- Description of the task:
Starting at the line that contains "Two aerial photos of one place in France, from 2015", quote every line through the end of the entries, word for word, skipping the pictures.

══════════════════════════════

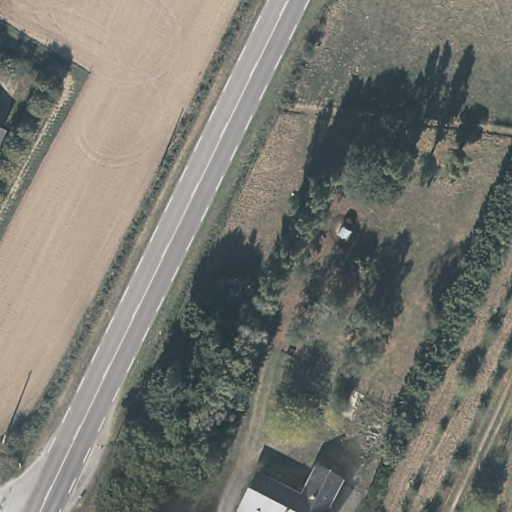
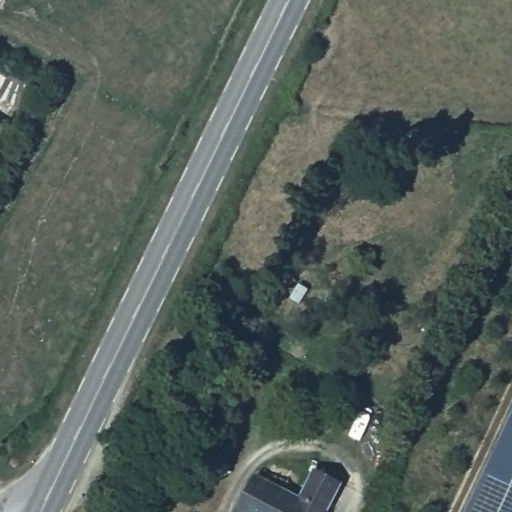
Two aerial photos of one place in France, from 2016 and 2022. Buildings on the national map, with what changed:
unchanged [(0,134),(0,122),(5,124),(0,134)]
new [(512,422),(512,512),(470,512),(512,422)]
unchanged [(344,485),(331,512),(242,512),(258,481),(301,502),(317,471),(344,485)]

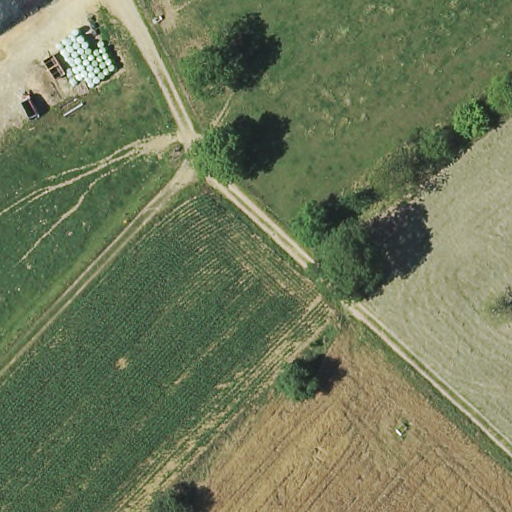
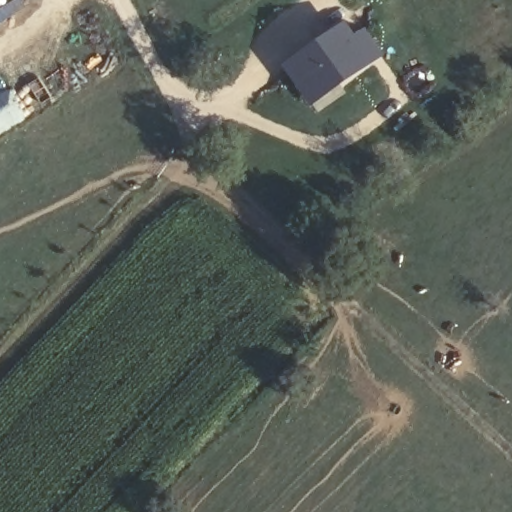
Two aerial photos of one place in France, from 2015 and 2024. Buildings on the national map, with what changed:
new [(343,23),(352,36),(364,29),(381,54),(310,106),(282,66),(343,23)]

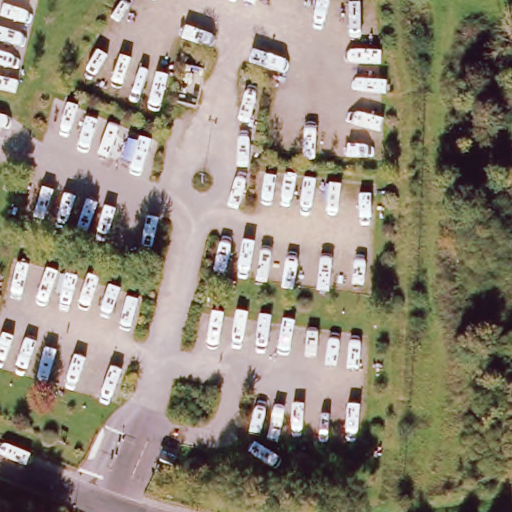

══════════════════════════════

- Completed task:
Two aerial photos of one place in France, from 2015 and 2024. Buildings on the national map, with what changed:
new [(343,23),(352,36),(364,29),(381,54),(310,106),(282,66),(343,23)]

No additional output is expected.